Somewhere on the cozy, quieter top level, someone ingenious decided to throw subtlety to the wind by forgoing the typical snogging couches with a row of fully dressed beds. Beds in a bar. Hmm. Here I found Juliet Shinabery, Scott Barringer, and siblings Brian and Nancy Graves lounging on the leopard-print pillows and black-velvet bedspreads. So now we have a foursome, including a brother and sister, in bed together, in a bar, with a large supply of alcohol readily available, and droves of onlookers. Hmm.

Whilst leaning over to photograph this ideal montage for a porno scene, a young gentlemen happened to pass behind me and announce “Hey, I am going to look up her skirt!” Loud. I mean, really, really loud. One might even say he bellowed. Way to impress the ladies with your debonair charm, Mr. Suave.

However, at least a tiny bit of class was to be found, as security staffer Greg Clopton, flanked by Al Sneed, was seen lighting a young lady’s clove cigarette. She did go on to accidentally burn an innocent bystander, but at least he had gentlemanly intentions.

Somewhere between levels three and four (they should really distribute a floor plan at the door) Charlie Chami, Emad Reda and Sonny E. were yelling all sorts of indecipherable things at once, as they were observed with perplexity and bemusement by the reticent duo of Jennifer Stuart and Maria Haslett. These two studious ladies, self-proclaimed homebodies, had ventured out to the dance mecca for a change of pace, and described the club as “Grand Central Station with a lot of beer and bass.” They quickly retreated home a few minutes later.
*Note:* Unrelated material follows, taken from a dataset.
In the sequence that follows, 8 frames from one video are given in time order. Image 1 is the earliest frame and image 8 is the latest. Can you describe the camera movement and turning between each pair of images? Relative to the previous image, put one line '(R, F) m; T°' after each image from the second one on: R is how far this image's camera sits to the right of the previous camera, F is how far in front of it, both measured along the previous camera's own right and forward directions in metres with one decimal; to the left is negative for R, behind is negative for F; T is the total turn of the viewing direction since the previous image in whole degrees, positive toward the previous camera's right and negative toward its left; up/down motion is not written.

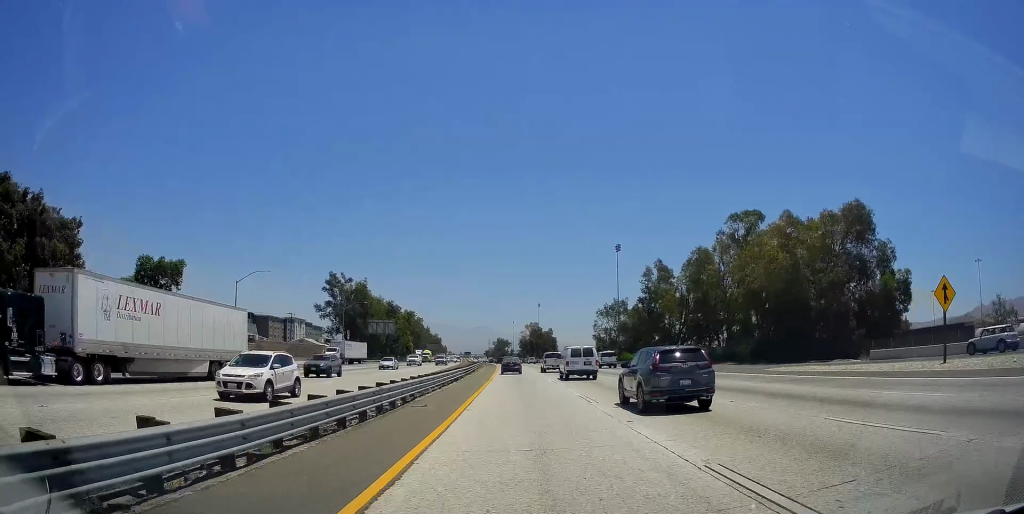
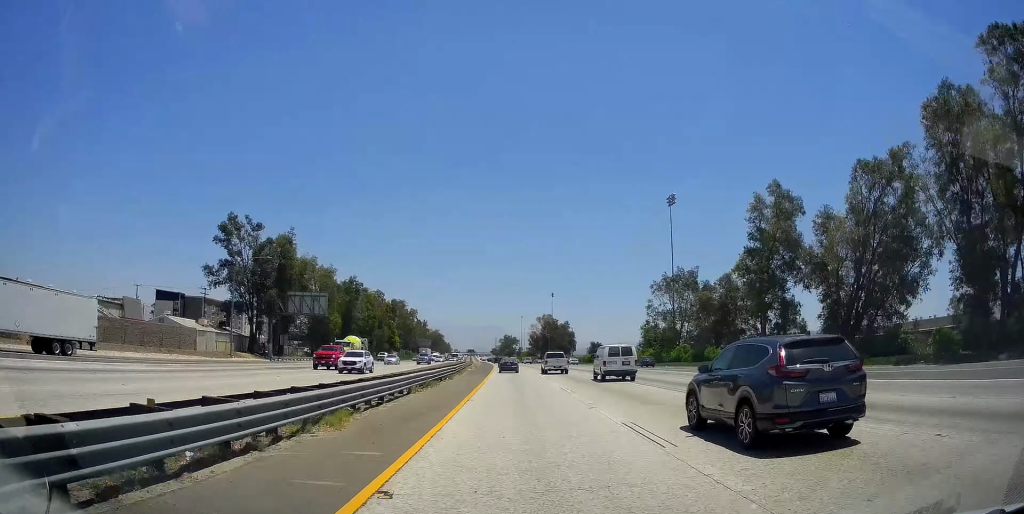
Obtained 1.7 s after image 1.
(-0.4, +53.8) m; -1°
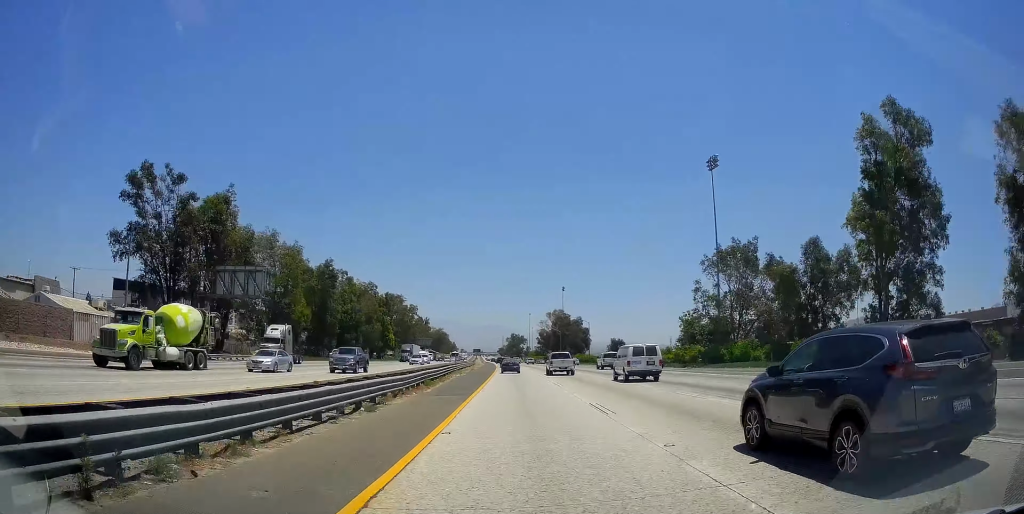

Over by the expansive windows, which give a picturesque view of the parking lots, paranoid new car owner Matthew Harney and his cronies Ian Zimmer and Charlie Li were keeping a wary eye out for any would-be car thieves who might be lurking near Harney’s shiny new Explorer.

So there’s plenty to do and see at Space, but show up early, since the line starts to wrap around the block after 11. And with cover set at $10 a pop, it’s practically a dirt-cheap bargain deal for all these new mega-super-sexy-New York-style … oh, you know what I mean.